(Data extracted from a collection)
•••••
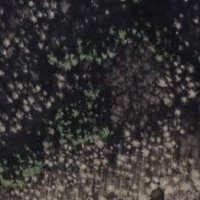
EUNIS habitat code: 43
Species observed at this site:
Primula hirsuta
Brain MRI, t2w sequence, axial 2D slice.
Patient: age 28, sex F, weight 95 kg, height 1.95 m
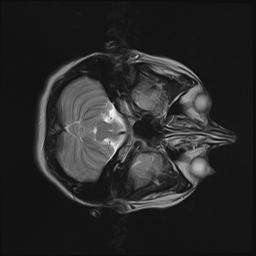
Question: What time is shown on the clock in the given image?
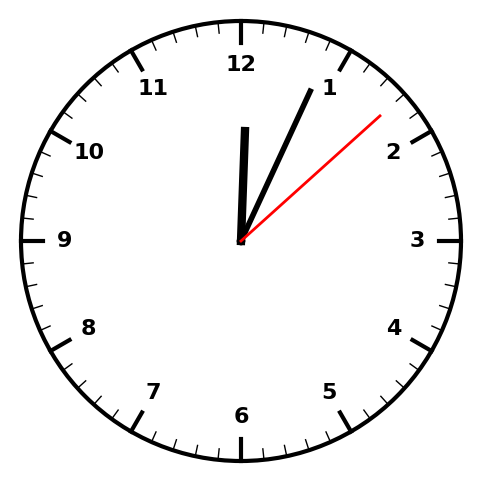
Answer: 12:04:08
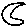
Label: moon
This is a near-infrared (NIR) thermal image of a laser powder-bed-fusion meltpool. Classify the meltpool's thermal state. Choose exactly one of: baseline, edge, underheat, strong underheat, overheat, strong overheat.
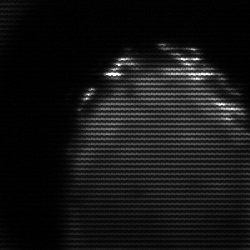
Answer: edge
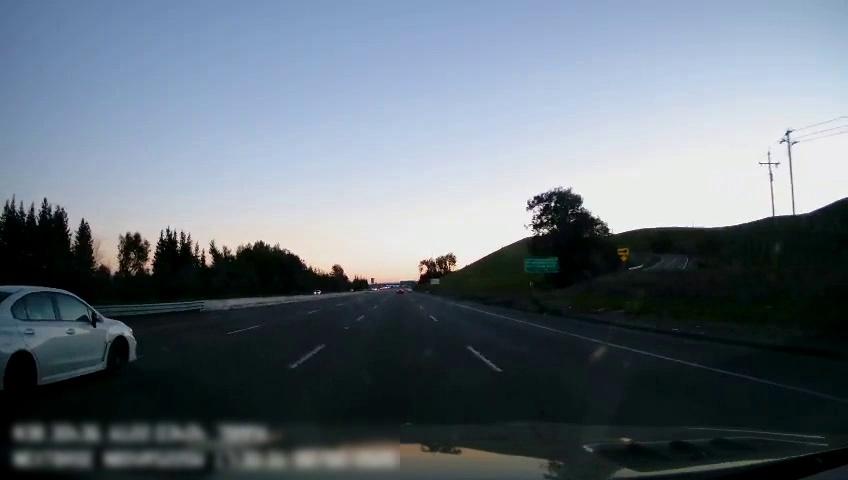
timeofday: Day
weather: Sunny
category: Drivable Space
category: Vehicles | Car
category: Lanes | Current Lane
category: Lanes | Current Lane
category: Lanes | Alternate Lane
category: Lanes | Alternate Lane
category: Traffic | Signs
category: Traffic | Signs
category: Traffic | Signs
•••••
### Task item
Reproduce exactly the lines from the one containing "category: Drivable Space" through the last line of the records above, including both, and nothing else.

### Answer to this task
category: Drivable Space
category: Vehicles | Car
category: Lanes | Current Lane
category: Lanes | Current Lane
category: Lanes | Alternate Lane
category: Lanes | Alternate Lane
category: Traffic | Signs
category: Traffic | Signs
category: Traffic | Signs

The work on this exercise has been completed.